ACTION ITEM:
Leave every image out, and return the rest of the data word for word.

MATERIAL FOR THIS EXERCISE:
################

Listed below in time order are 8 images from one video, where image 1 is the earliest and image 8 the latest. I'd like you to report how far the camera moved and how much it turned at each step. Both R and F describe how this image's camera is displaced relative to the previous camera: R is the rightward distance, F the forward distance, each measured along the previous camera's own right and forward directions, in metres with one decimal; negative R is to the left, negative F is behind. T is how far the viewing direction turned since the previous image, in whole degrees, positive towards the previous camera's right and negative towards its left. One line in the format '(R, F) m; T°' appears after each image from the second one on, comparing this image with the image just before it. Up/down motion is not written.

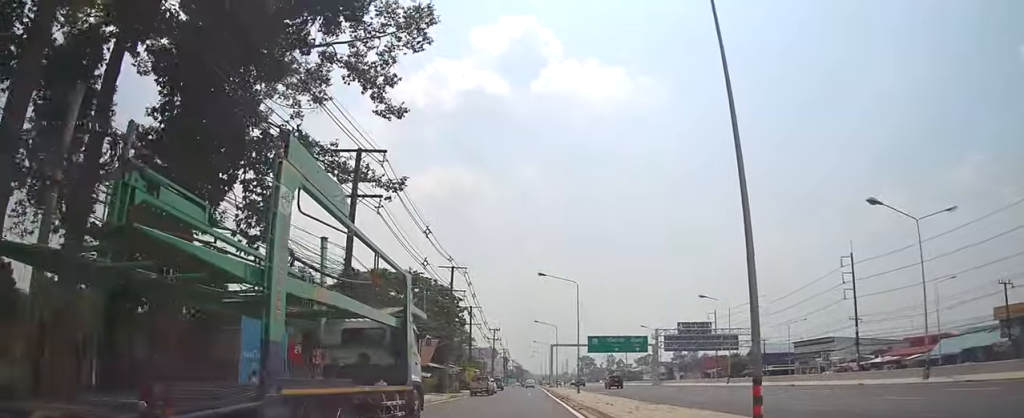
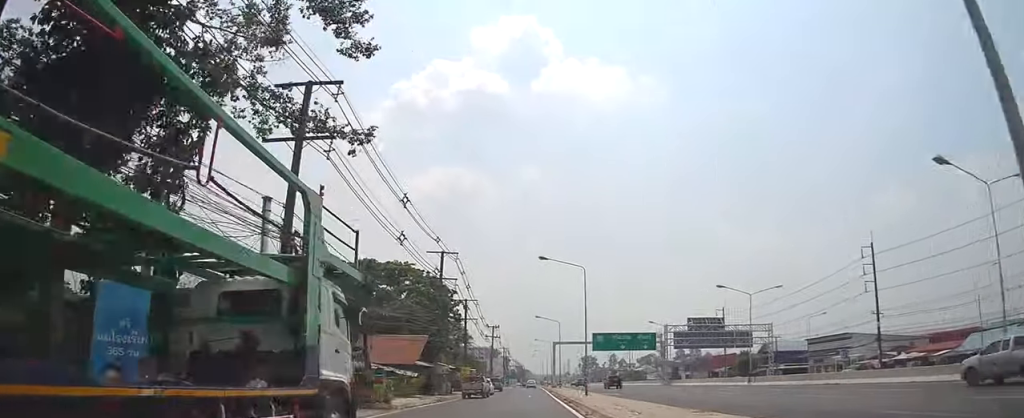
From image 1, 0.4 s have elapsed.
(-0.1, +6.0) m; 0°
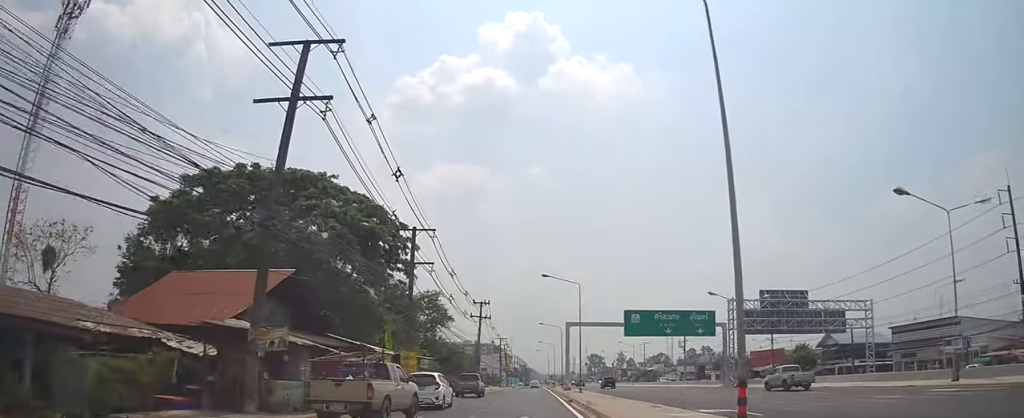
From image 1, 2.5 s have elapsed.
(+1.0, +29.5) m; 0°
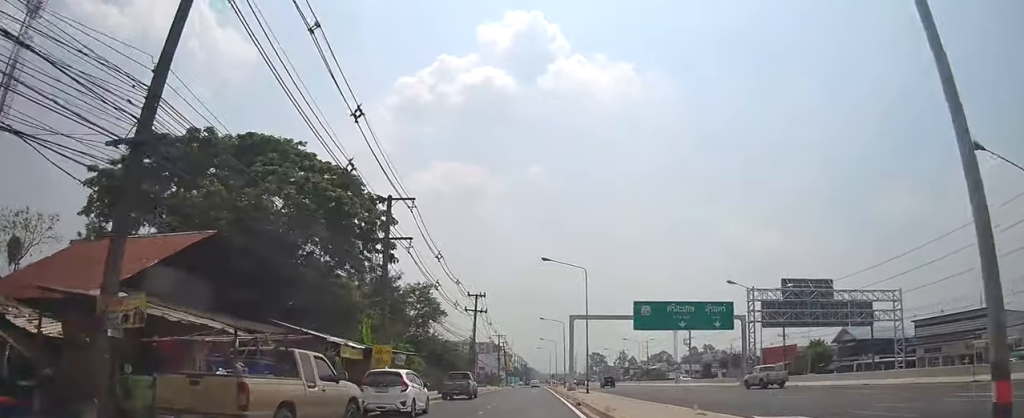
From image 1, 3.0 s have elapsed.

################

SOLUTION TO THIS PROBLEM:
Listed below in time order are 8 images from one video, where image 1 is the earliest and image 8 the latest. I'd like you to report how far the camera moved and how much it turned at each step. Both R and F describe how this image's camera is displaced relative to the previous camera: R is the rightward distance, F the forward distance, each measured along the previous camera's own right and forward directions, in metres with one decimal; negative R is to the left, negative F is behind. T is how far the viewing direction turned since the previous image, in whole degrees, positive towards the previous camera's right and negative towards its left. One line in the format '(R, F) m; T°' appears after each image from the second one on, comparing this image with the image just before it. Up/down motion is not written.

From image 1, 0.4 s have elapsed.
(-0.1, +6.0) m; 0°
From image 1, 2.5 s have elapsed.
(+1.0, +29.5) m; 0°
From image 1, 3.0 s have elapsed.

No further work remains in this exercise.